* _Problem description_:
Look in the data below for the line that contains "A person holds". Copy that line and the remaining lines exactly.

..........

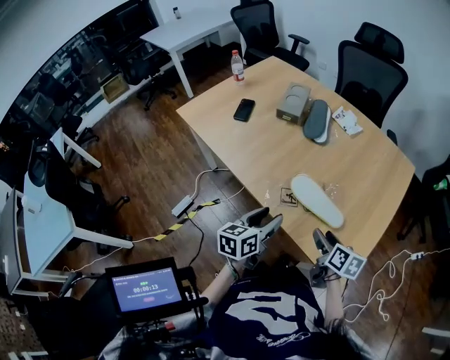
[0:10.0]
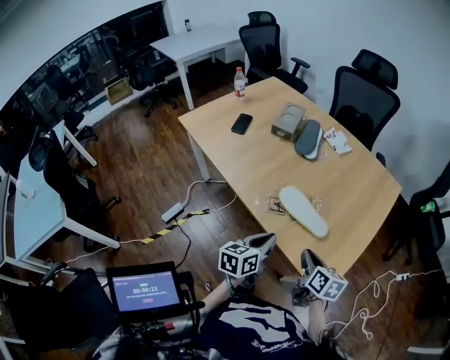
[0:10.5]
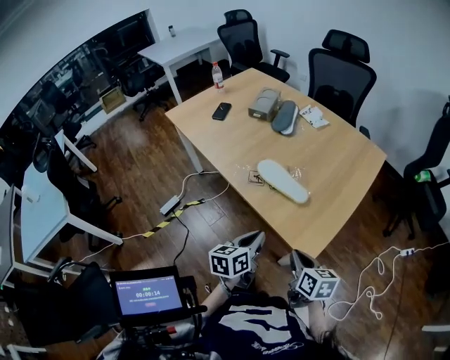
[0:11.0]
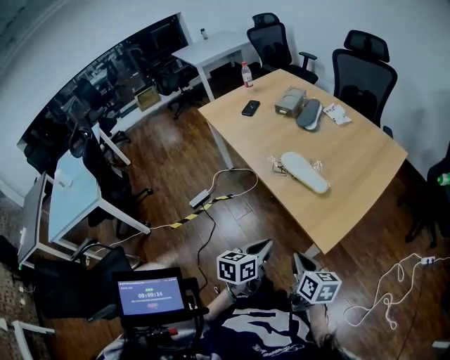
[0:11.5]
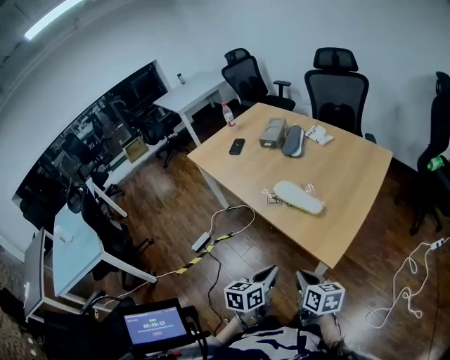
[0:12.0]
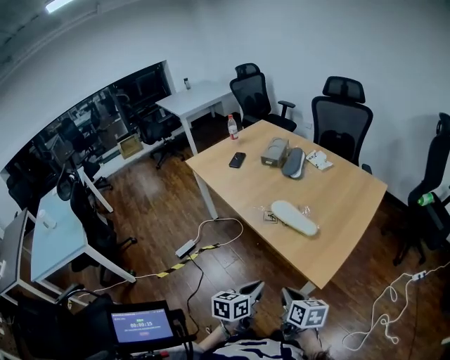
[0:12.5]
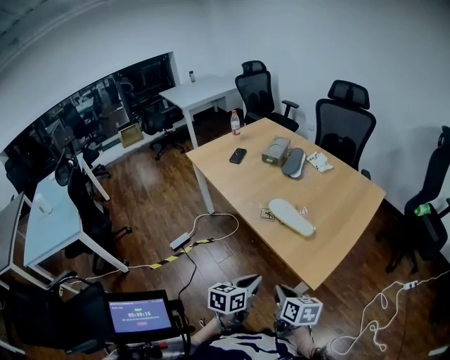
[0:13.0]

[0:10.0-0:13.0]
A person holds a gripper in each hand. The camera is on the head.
0:10.0 to 0:11.5: The right gripper heads backward, covering approximately 25 cm, rotates some 20 degrees, and closes up, while the left gripper heads backward and to the right, covering about 30 cm, and closes its fingers.
0:11.5 to 0:13.0: The right gripper travels to the left by roughly 5 cm.

..........

* _Solution to this exercise_:
A person holds a gripper in each hand. The camera is on the head.
0:10.0 to 0:11.5: The right gripper heads backward, covering approximately 25 cm, rotates some 20 degrees, and closes up, while the left gripper heads backward and to the right, covering about 30 cm, and closes its fingers.
0:11.5 to 0:13.0: The right gripper travels to the left by roughly 5 cm.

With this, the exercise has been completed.